* WORK ITEM
Set down, character for character, everything in the records below from the line holding "Character: 堣" down to the line holding "Character: 宮", and no other line.

=== Begin Enclosure ===

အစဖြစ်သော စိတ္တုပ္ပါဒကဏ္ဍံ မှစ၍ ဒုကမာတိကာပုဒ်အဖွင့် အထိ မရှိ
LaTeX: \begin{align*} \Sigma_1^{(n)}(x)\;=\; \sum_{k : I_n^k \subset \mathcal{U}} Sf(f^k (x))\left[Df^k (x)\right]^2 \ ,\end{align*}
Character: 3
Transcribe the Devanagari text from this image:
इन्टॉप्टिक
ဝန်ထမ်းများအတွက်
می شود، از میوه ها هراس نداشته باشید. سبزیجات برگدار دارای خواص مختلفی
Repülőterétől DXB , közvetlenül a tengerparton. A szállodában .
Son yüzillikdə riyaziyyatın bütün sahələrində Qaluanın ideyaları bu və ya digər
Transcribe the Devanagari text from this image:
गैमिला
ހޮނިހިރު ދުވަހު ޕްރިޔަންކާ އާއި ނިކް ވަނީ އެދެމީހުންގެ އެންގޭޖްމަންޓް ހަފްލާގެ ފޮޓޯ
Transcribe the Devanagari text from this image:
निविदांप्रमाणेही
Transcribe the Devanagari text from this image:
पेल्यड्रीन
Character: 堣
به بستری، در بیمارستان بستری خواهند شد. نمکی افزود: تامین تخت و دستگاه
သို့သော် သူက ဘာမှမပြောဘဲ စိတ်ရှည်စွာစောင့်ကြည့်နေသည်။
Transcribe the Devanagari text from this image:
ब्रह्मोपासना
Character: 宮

=== End Enclosure ===
=== Begin Enclosure ===

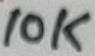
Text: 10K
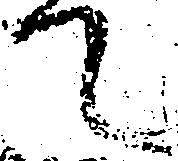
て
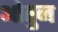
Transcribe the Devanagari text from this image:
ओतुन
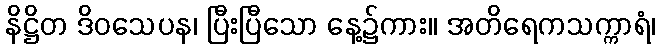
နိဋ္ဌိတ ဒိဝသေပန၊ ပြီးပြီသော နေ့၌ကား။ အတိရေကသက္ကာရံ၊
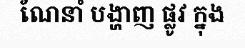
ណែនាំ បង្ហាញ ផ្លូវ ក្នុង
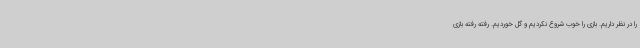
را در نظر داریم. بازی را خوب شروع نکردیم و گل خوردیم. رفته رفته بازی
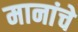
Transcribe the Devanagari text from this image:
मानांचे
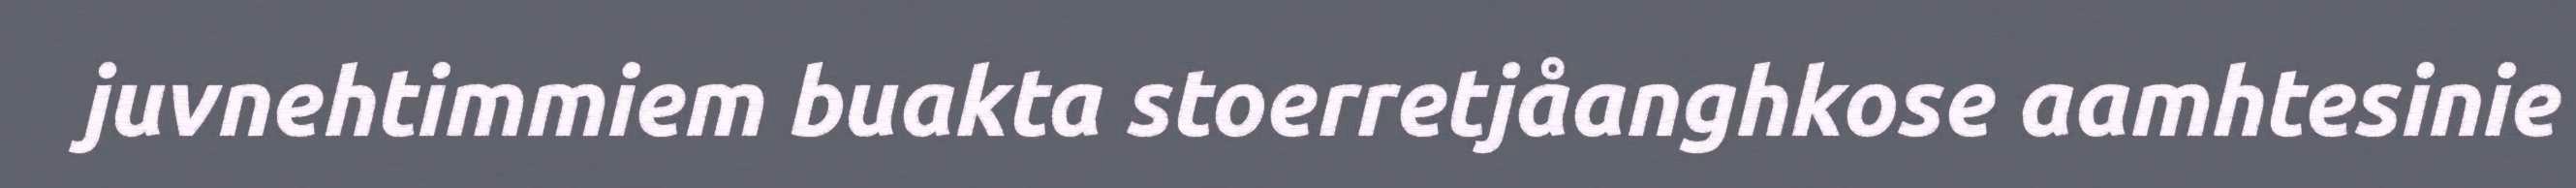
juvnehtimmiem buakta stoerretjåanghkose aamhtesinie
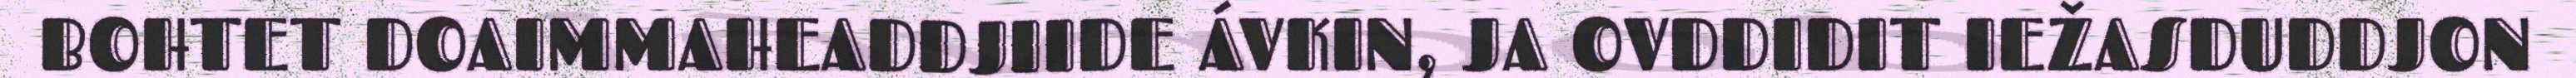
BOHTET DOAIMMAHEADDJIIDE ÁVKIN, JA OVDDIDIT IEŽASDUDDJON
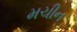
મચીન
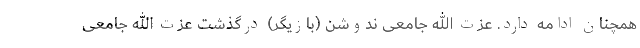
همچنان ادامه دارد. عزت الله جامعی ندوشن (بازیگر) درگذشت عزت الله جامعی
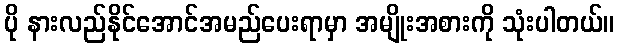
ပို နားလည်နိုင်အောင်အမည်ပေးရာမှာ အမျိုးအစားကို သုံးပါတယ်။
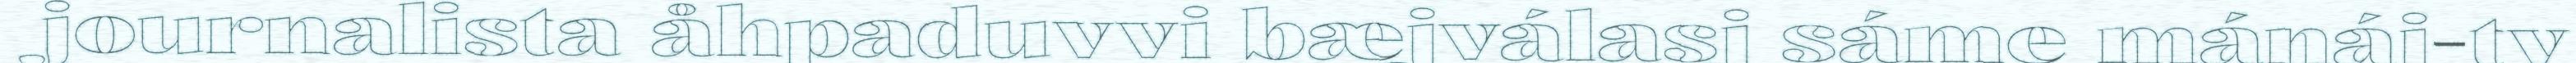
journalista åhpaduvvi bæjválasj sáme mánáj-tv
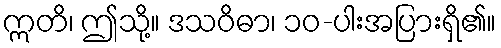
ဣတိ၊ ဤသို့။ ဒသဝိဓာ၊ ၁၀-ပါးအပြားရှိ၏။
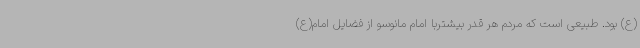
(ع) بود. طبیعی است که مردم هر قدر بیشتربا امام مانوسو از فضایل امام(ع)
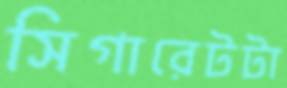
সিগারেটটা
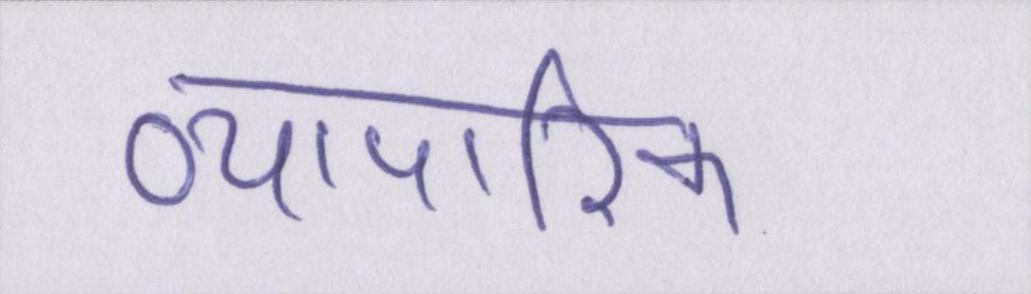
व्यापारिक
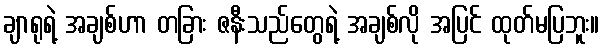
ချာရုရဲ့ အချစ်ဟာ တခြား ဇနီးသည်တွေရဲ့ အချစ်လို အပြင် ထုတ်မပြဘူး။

=== End Enclosure ===

* OUTPUT OF THE EXERCISE
Character: 堣
به بستری، در بیمارستان بستری خواهند شد. نمکی افزود: تامین تخت و دستگاه
သို့သော် သူက ဘာမှမပြောဘဲ စိတ်ရှည်စွာစောင့်ကြည့်နေသည်။
Transcribe the Devanagari text from this image:
ब्रह्मोपासना
Character: 宮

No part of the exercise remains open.